What is expected
Reproduce verbatim the line containing "Nominal steering angle (degrees): 0" and every line that follows it through the end of the entries below, omitting all pictures.

━━━━━ Provided entries

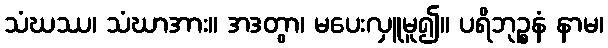
သံဃဿ၊ သံဃာအား။ အဒတွာ၊ မပေးလှူမူ၍။ ပရိဘုဉ္စနံ နာမ၊
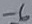
Text: -6
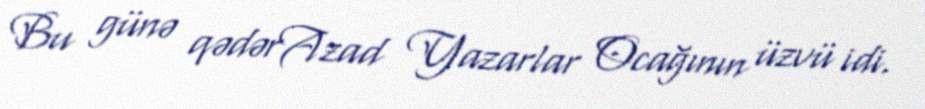
Bu günə qədərAzad Yazarlar Ocağının üzvü idi.
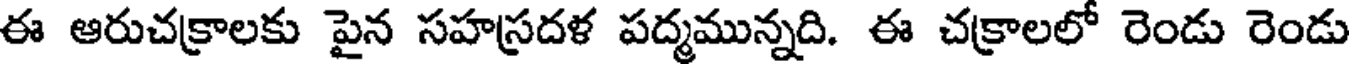
ఈ ఆరుచక్రాలకు పైన సహస్రదళ పద్మమున్నది. ఈ చక్రాలలో రెండు రెండు
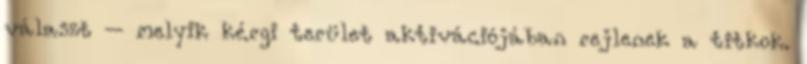
választ – melyik kérgi terület aktivációjában rejlenek a titkok.
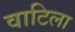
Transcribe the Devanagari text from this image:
वाटिला
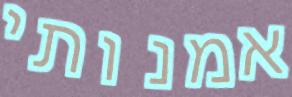
אמנותי
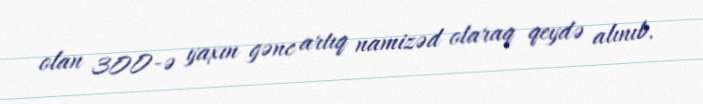
olan 300-ə yaxın gənc artıq namizəd olaraq qeydə alınıb.
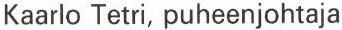
Kaarlo Tetri, puheenjohtaja
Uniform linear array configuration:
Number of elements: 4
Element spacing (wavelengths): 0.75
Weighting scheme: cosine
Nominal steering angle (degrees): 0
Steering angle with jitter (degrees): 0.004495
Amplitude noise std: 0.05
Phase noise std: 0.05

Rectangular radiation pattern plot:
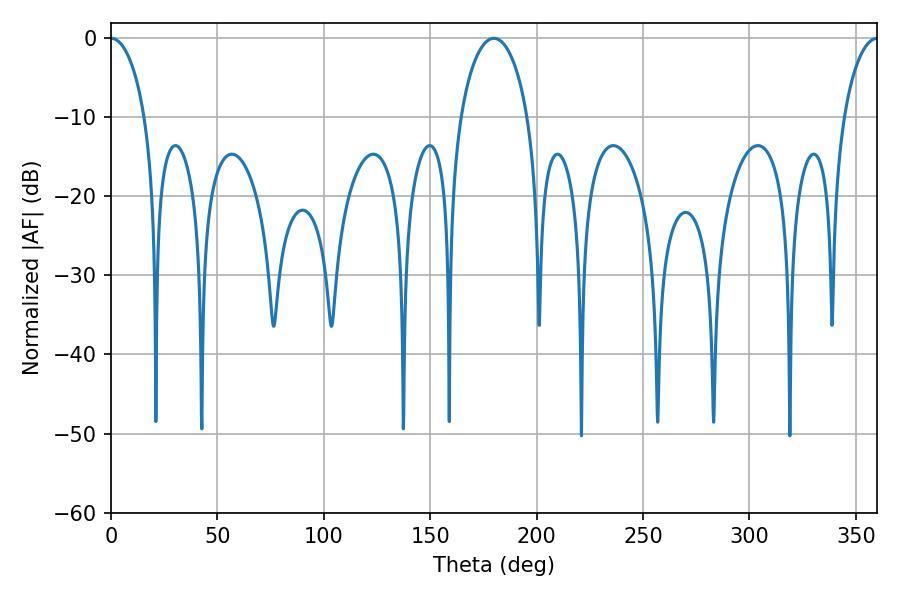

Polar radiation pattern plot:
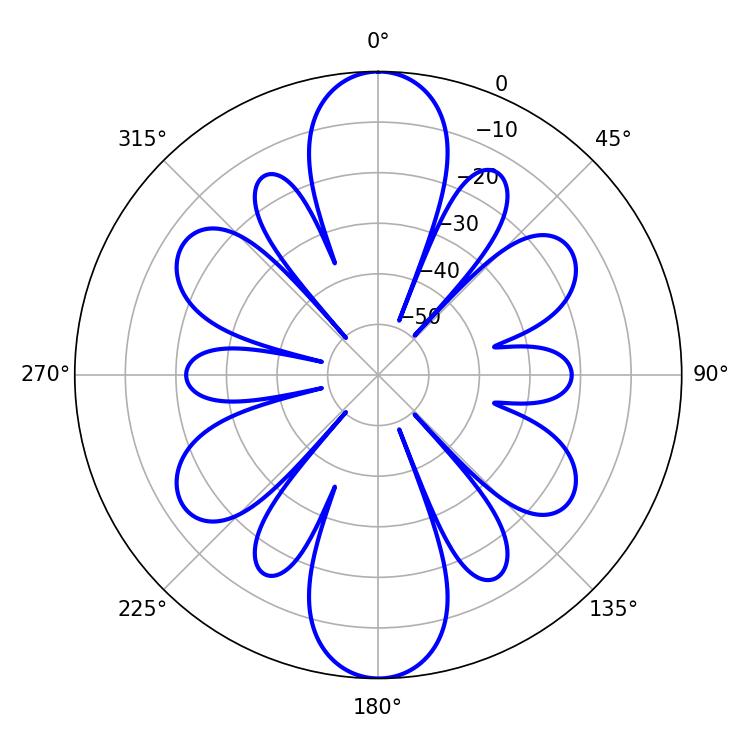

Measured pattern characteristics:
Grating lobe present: TRUE
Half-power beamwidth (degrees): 9.18
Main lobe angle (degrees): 0
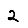
Digit: 2
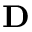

━━━━━━━━━━

Exercise solution
Nominal steering angle (degrees): 0
Steering angle with jitter (degrees): 0.004495
Amplitude noise std: 0.05
Phase noise std: 0.05

Rectangular radiation pattern plot:

Polar radiation pattern plot:

Measured pattern characteristics:
Grating lobe present: TRUE
Half-power beamwidth (degrees): 9.18
Main lobe angle (degrees): 0
Digit: 2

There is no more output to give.